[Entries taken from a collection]
※
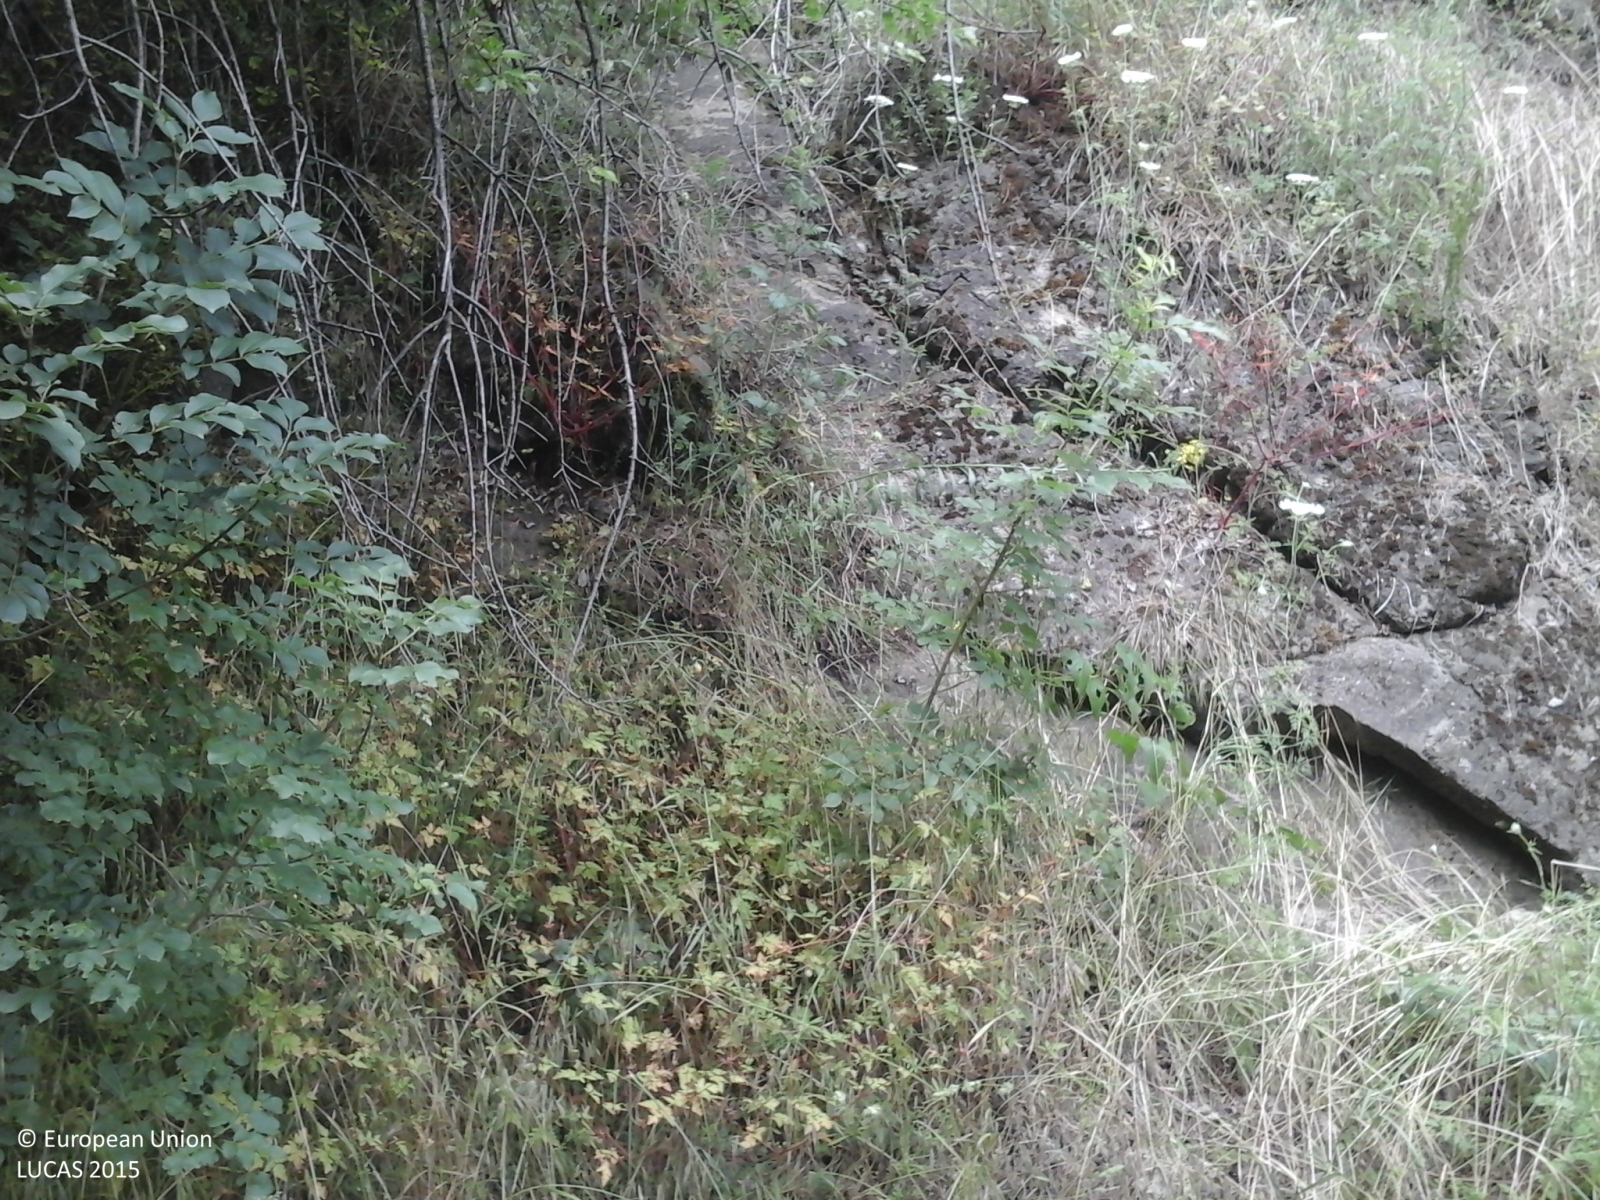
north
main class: Woodland
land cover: Broadleaved woodland
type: mire and swamp forests
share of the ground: > 75 %
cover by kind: broadleaved forest trees 100 %
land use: Forestry
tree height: > 5 m
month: May
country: IT
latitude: 45.4567
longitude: 11.5703
※
**WHAT IS REQUIRED**
Set down all of the data word for word; no pictures belong in it.

**RESPONSE**
north
main class: Woodland
land cover: Broadleaved woodland
type: mire and swamp forests
share of the ground: > 75 %
cover by kind: broadleaved forest trees 100 %
land use: Forestry
tree height: > 5 m
month: May
country: IT
latitude: 45.4567
longitude: 11.5703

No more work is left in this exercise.